Tablet Newspapers and Magazines | Episode 6

Welcome to the Tablet Advertising Professionals Podcast Episode # 6, Tablet Newspapers and Magazines.

Today, we’re going to go over print versus digital – in both newspapers and magazines. Which direction is the market moving?  How quickly is it moving?  And what do you need to do as a publisher to adapt.

We’re also going over digital newspapers.  What are the different companies out there doing?

Are they using HTML5?  Are they using Apps?  Or what’s going on?

And digital magazines.

Is interactivity important?  Should users need to download them?  Are PDFs sufficient?  Should they be web-based?  Should they be app-based?

We’ll be going over all of that today.

So first of all, print versus digital.  The decline of Print Advertising Revenue.

If you look at the chart, since 2005, print advertising revenue has actually declined over 50%. In 2003, it started out at around $46 billion, and gradually increased until about 2005 and then it dropped… and dropped… and dropped.  With an incredible decrease from 2008 to 2009.

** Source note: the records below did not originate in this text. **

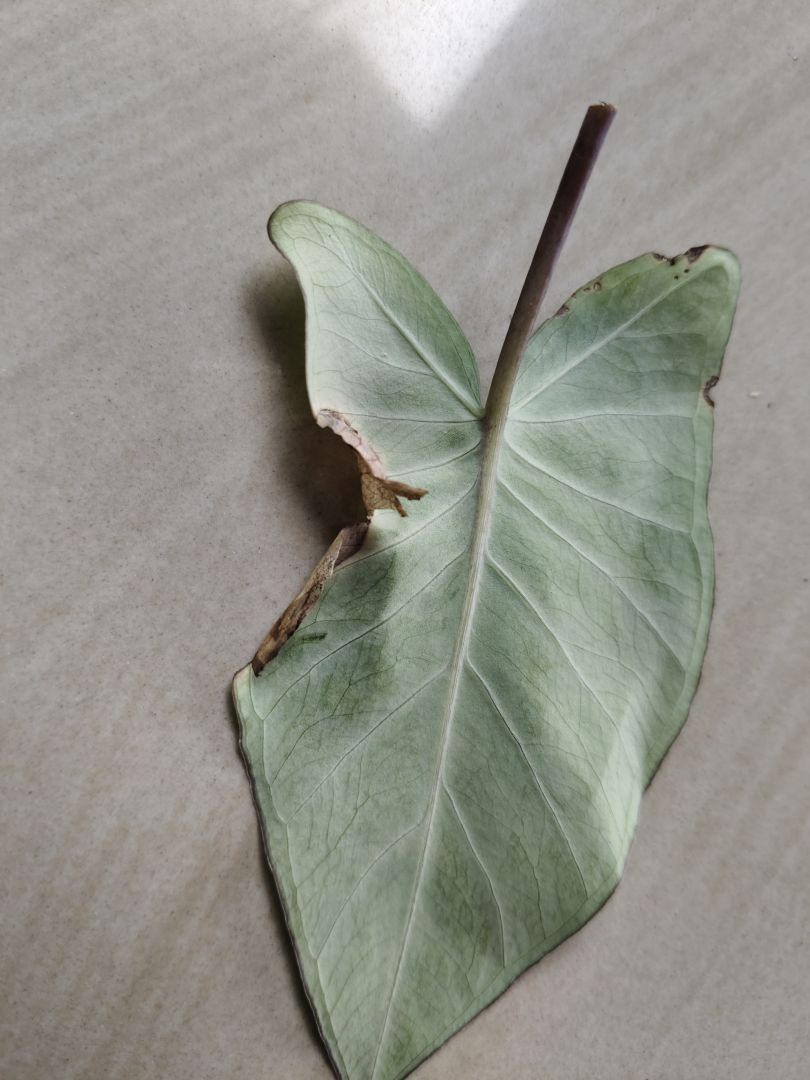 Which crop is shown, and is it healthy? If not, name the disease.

taro, leaf blight
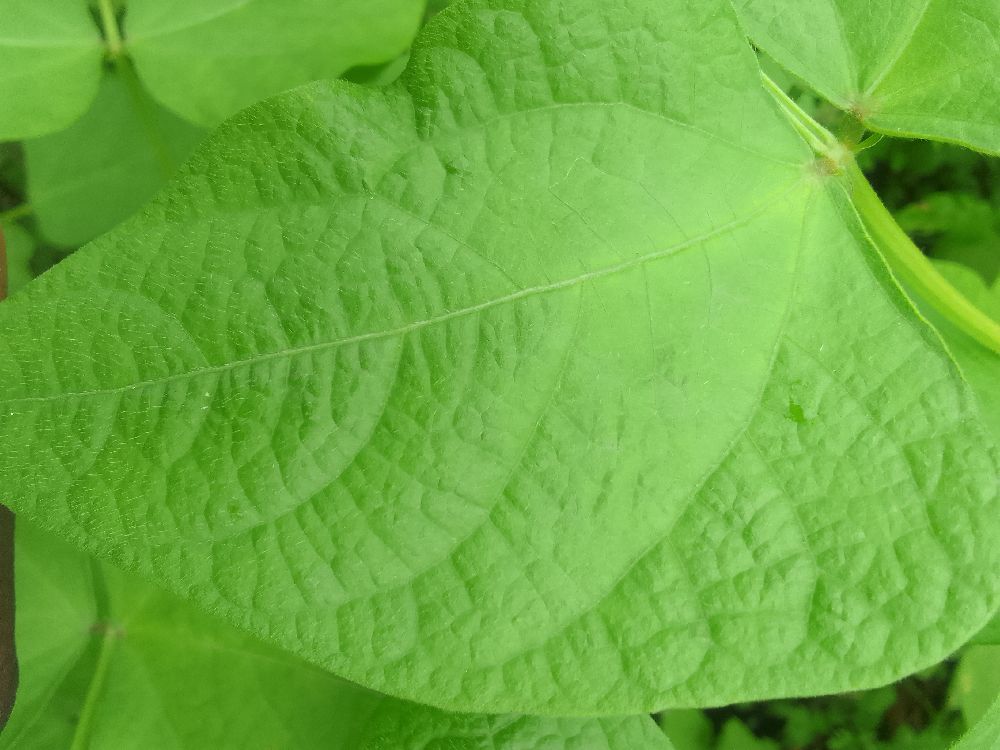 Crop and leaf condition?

common bean, healthy
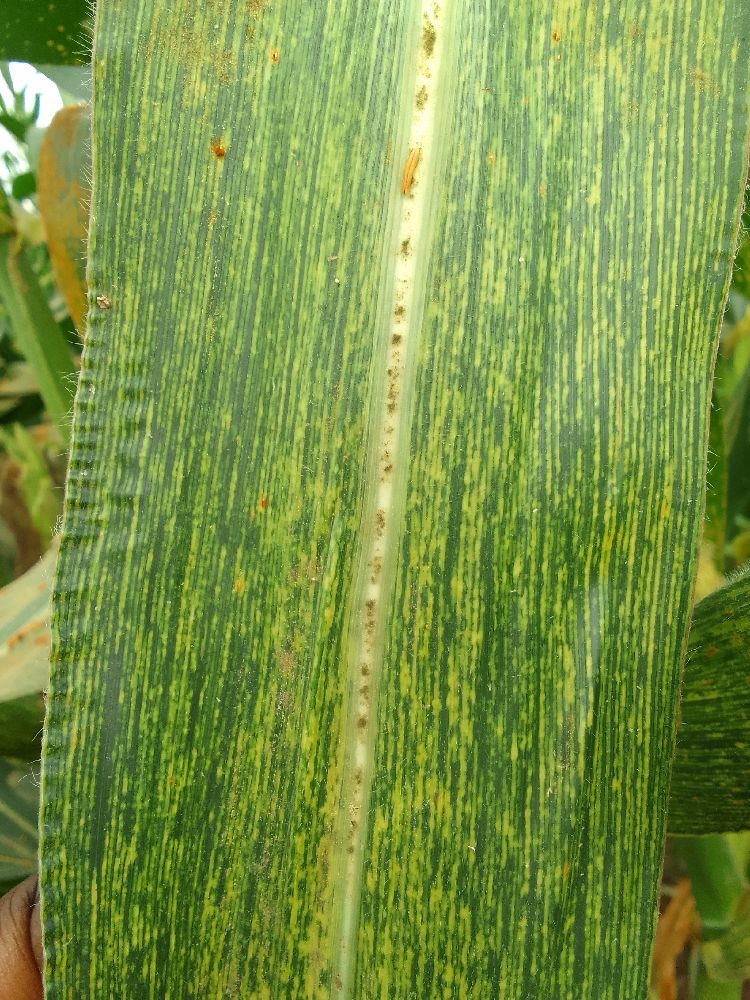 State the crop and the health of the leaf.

maize, maize streak virus

A lot of that has a lot to do with the iPhone, the iPad, the technology coming down in price and people finally realizing the benefits over print in switching over.

Today we have the rise of the digital advertising revenue, and there’s been over a 100% rise since 2004.

If you’ll take a look at the chart, you’ll notice the print is declining over 50% again.

Online is increasing at a slower rate than print is declining.

Does that mean people are not consuming as much information?

I don’t think that’s the case.  There are just too many platforms to consume information on now that those two are just not primary.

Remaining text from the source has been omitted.